Bab 13

2.9K 166 0
                                    


Karin tidak pernah tahu jika seorang bangsawan iblis seperti Katon menikmati makanan layaknya manusia biasa sepertinya. Pantas saja saat ini terhidang sepiring besar spageti, lengkap dengan garlic bread dan salad sayur. Tak lupa di sana juga tersedia minuman kesukaan Karin, jus semangka.

"Di sini ada semangka?" ujar Karin nyaris tertawa.

Katon tersenyum lalu mempersilakannya duduk, "Apapun untukmu pasti ada,"

Pandangan Karin masih berkeliling pada jamuan makan malam yang luar biasa mewah, karena seumur hidup dia tidak pernah dijamu seperti ini. Selain karena kesulitan ekonomi keluarga, selama di Alfansa hidup Karin juga tak pernah tenang akibat kejaran dari para lelaki yang haus akan dirinya. Ingatan kelam itu tiba-tiba muncul, membuat rasa takjub yang sempat menyelimuti hati Karin berubah menjadi pandangan kosong yang nanar.

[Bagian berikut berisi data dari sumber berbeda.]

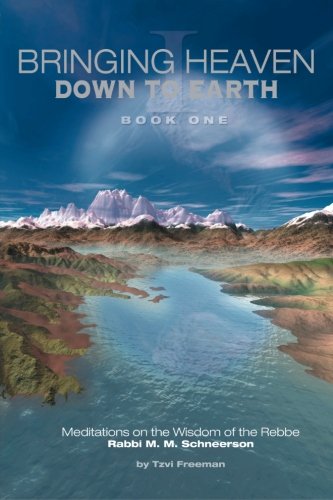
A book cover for Bringing Heaven Down to Earth Book 1; Tzvi Freeman; Religion & Spirituality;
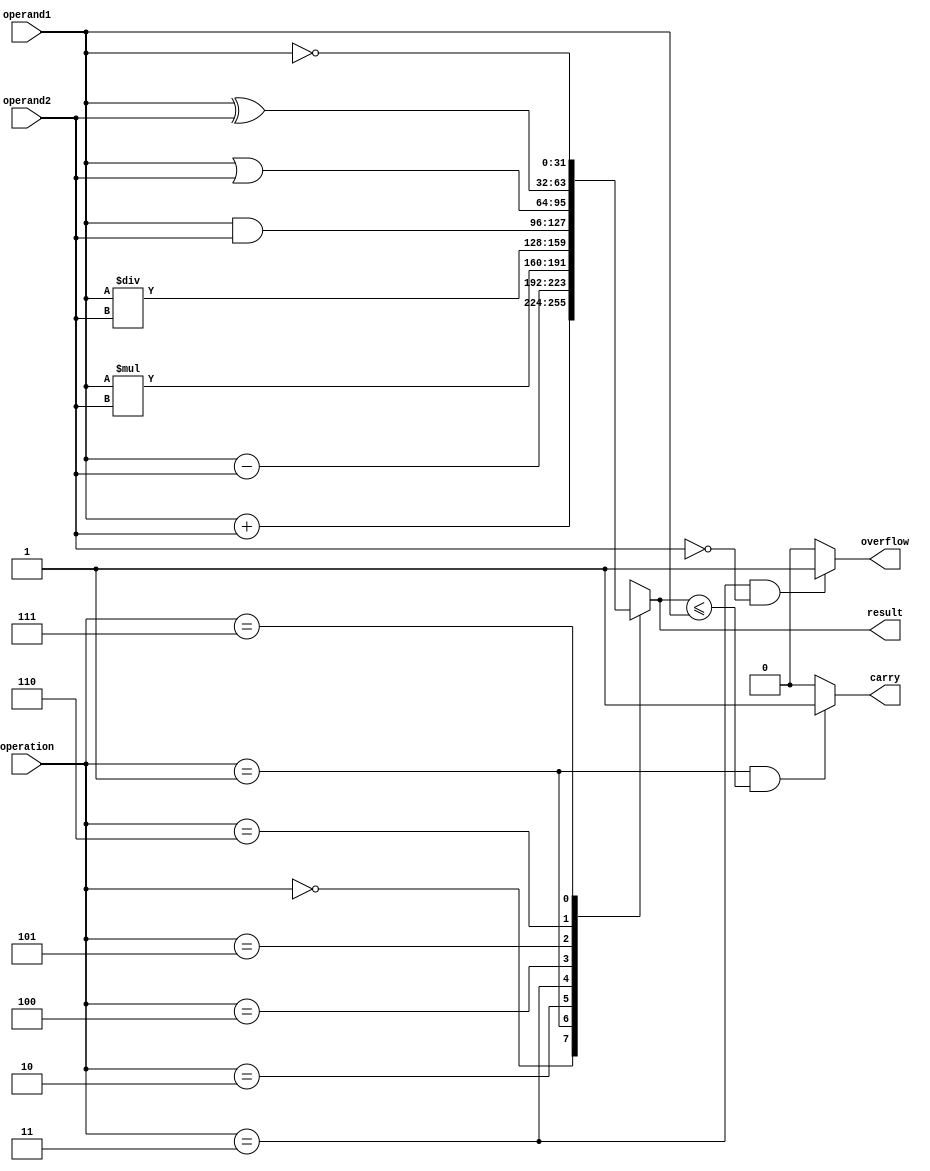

"Apakah pantas aku menikmati semua ini?" gumamnya pada Katon.

"Penderitaanmu di Alfansa sudah berakhir. Aku akan menjagamu di sini,"

Pandangan Karin masih nanar, "Bolehkah jika aku lebih memilih ayahku kembali?"

"Takdirmu adalah menjadi pengantinku, dan tidak ada yang bisa menghalangi itu," Tatapan mata Katon lurus menatap ke dalam mata Karin, seakan sedang menelanjangi hatinya.

Karin tak dapat berbuat apapun selain diam, "Katon, apakah pernikahan kita sudah dekat?"

"Apa kamu sudah tidak sabar?" goda Katon dengan mata mendelik.

Karin menggeleng dengan cepat, "Aku ... entah apa aku siap menghadapi semuanya ... "

Katon mengajak Karin untuk segera menyantap makan malam karena makanan itu hampir dingin. Suasana kelam yang sejenak sempat menyelimuti mereka berubah lebih teduh, disertai dengan jutaan cahaya lilin yang sengaja dinyalakan untuk membuat suasana lebih romantis. Katon sepertinya memang sangat lihai dengan hal-hal seperti ini, dan sikapnya yang lembut sangat berbeda jauh dengan saat pertama kali Karin bertemu dengannya.

Mereka telah menyelesaikan makan malam, dan entah bagaimana, meja makan itu kembali bersih seperti sedia kala. Dan sekarang Katon mengajak Karin di halaman belakang rumahnya yang sangat luas dan terbuka, sehingga mereka dapat menikmati lautan bintang dengan mata telanjang. Karin tak berhenti berdecak kagum, diikuti tertawa lirih dari Katon. Mereka berdua merebahkan diri di atas rumput yang dingin, menatap langit di kejauhan.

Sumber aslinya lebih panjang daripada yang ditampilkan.